ABOUT THIS EXERCISE
Your task is to give the records again exactly. Leave each picture out.

RECORDED DATA

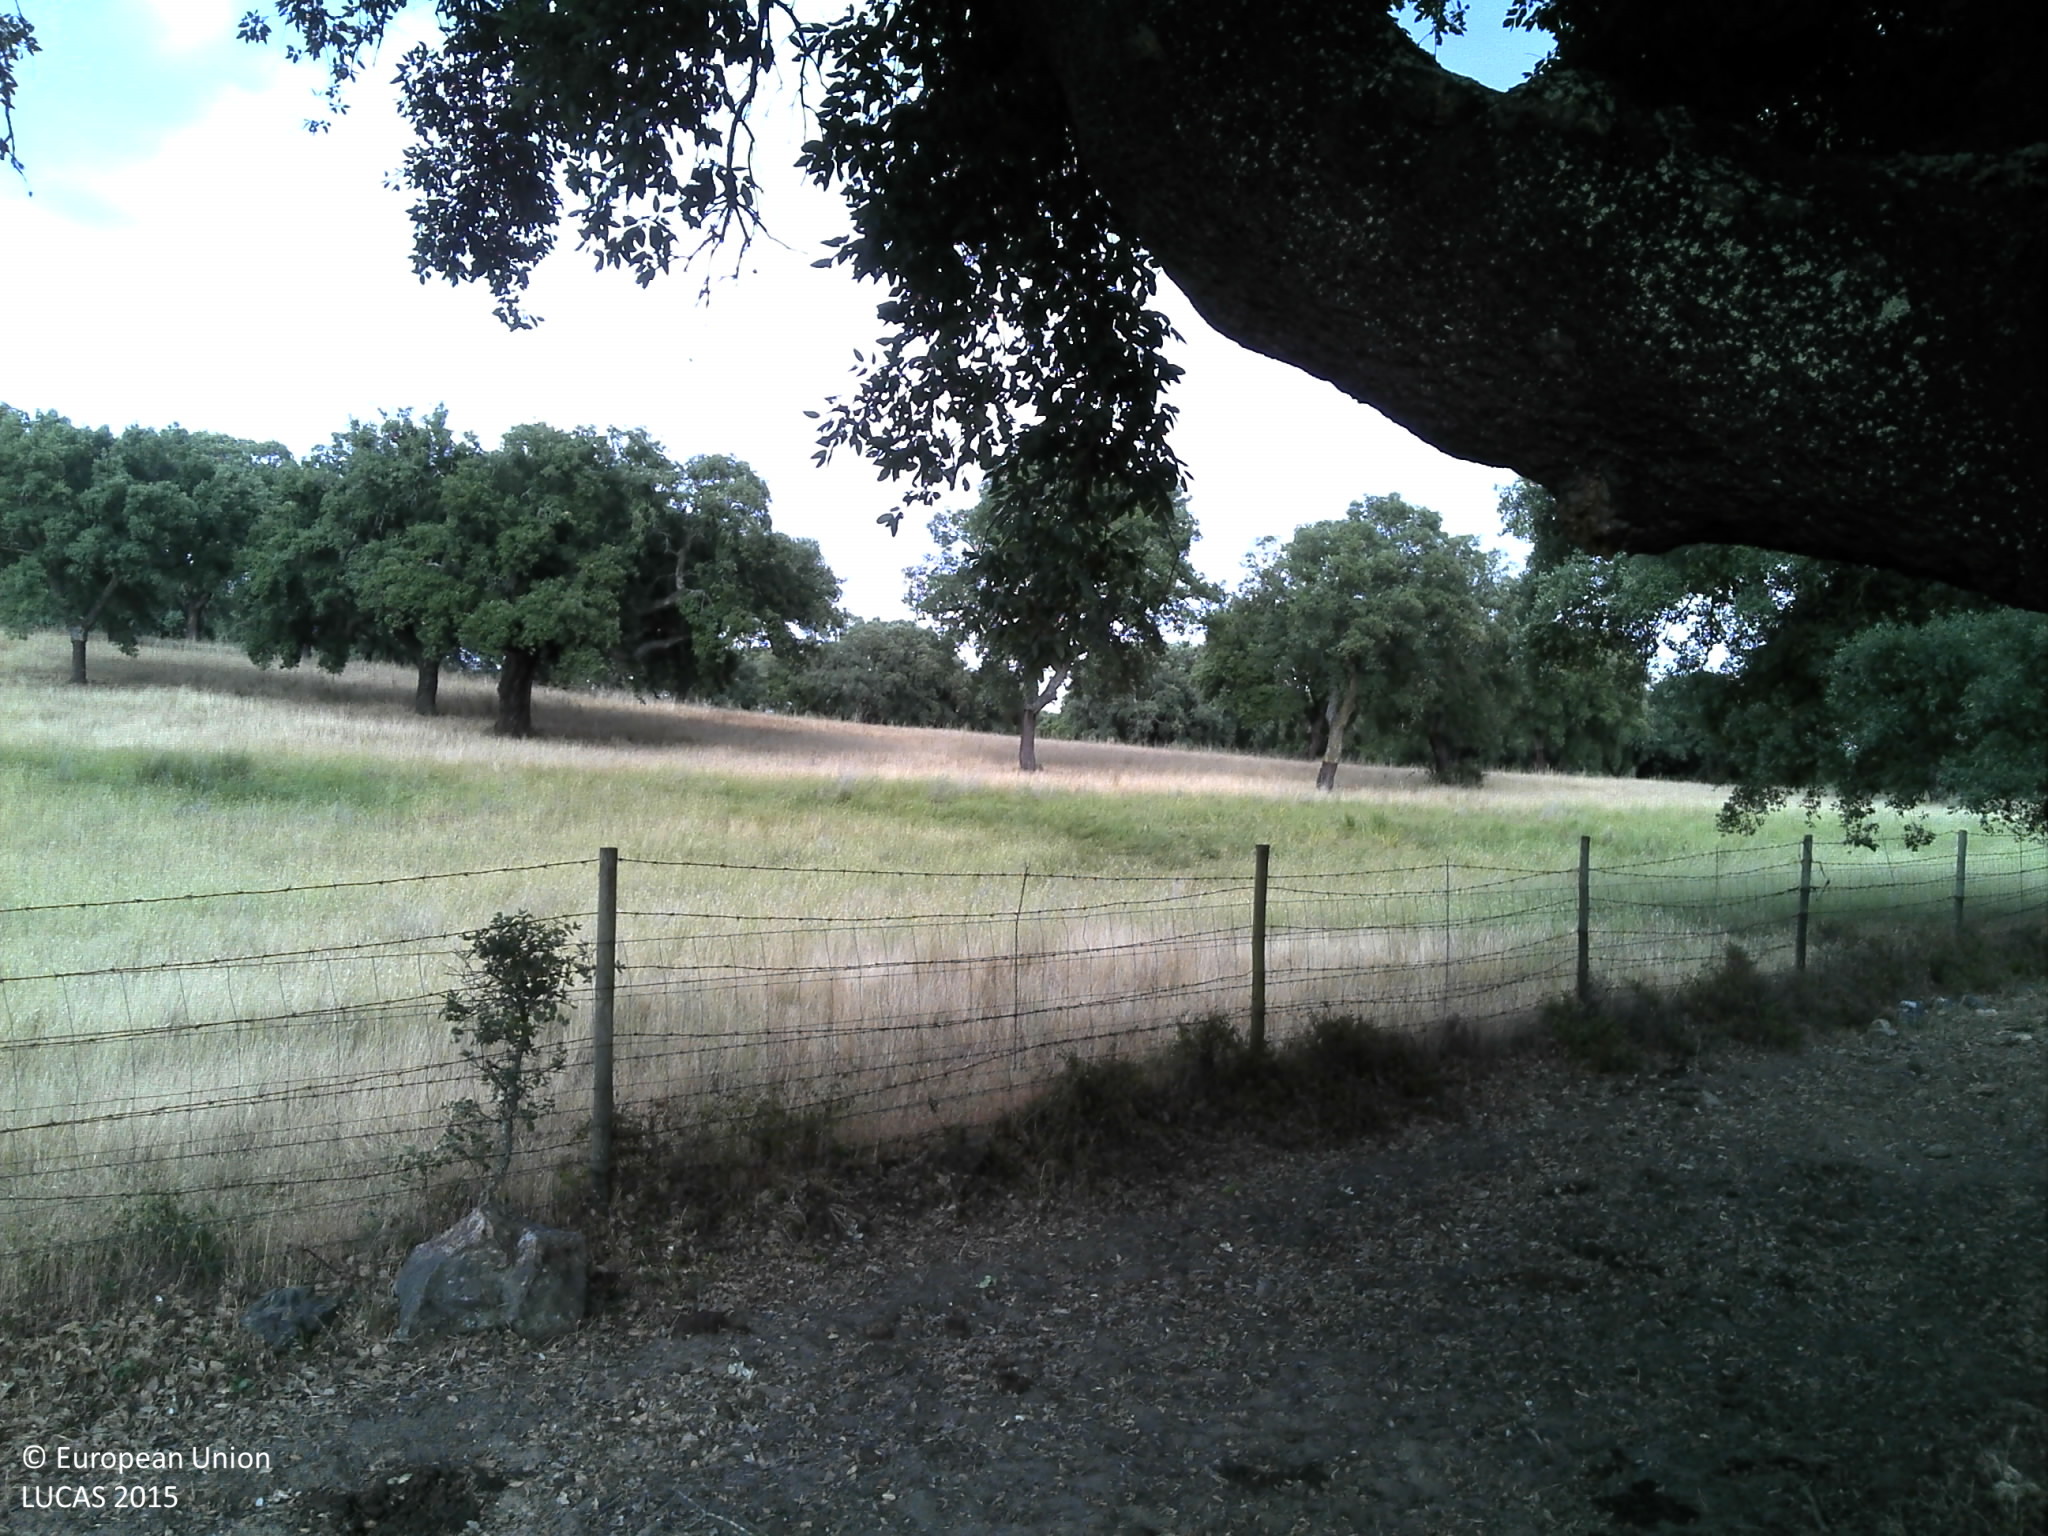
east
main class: Woodland
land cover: Broadleaved woodland
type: broadleaved evergreen forest
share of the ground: 25 - 50 %
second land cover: Grassland without tree/shrub cover
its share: < 10 %
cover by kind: unconsolidated bare surface 50 %, broadleaved forest trees 40 %, herbaceous plants 10 %
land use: Forestry
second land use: Agriculture (excluding fallow land and kitchen gardens)
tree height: > 5 m
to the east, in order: Broadleaved woodland; Grassland without tree/shrub cover; Fences; Broadleaved woodland
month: June
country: PT
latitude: 38.5773
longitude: -8.1474

EXERCISE OUTPUT
east
main class: Woodland
land cover: Broadleaved woodland
type: broadleaved evergreen forest
share of the ground: 25 - 50 %
second land cover: Grassland without tree/shrub cover
its share: < 10 %
cover by kind: unconsolidated bare surface 50 %, broadleaved forest trees 40 %, herbaceous plants 10 %
land use: Forestry
second land use: Agriculture (excluding fallow land and kitchen gardens)
tree height: > 5 m
to the east, in order: Broadleaved woodland; Grassland without tree/shrub cover; Fences; Broadleaved woodland
month: June
country: PT
latitude: 38.5773
longitude: -8.1474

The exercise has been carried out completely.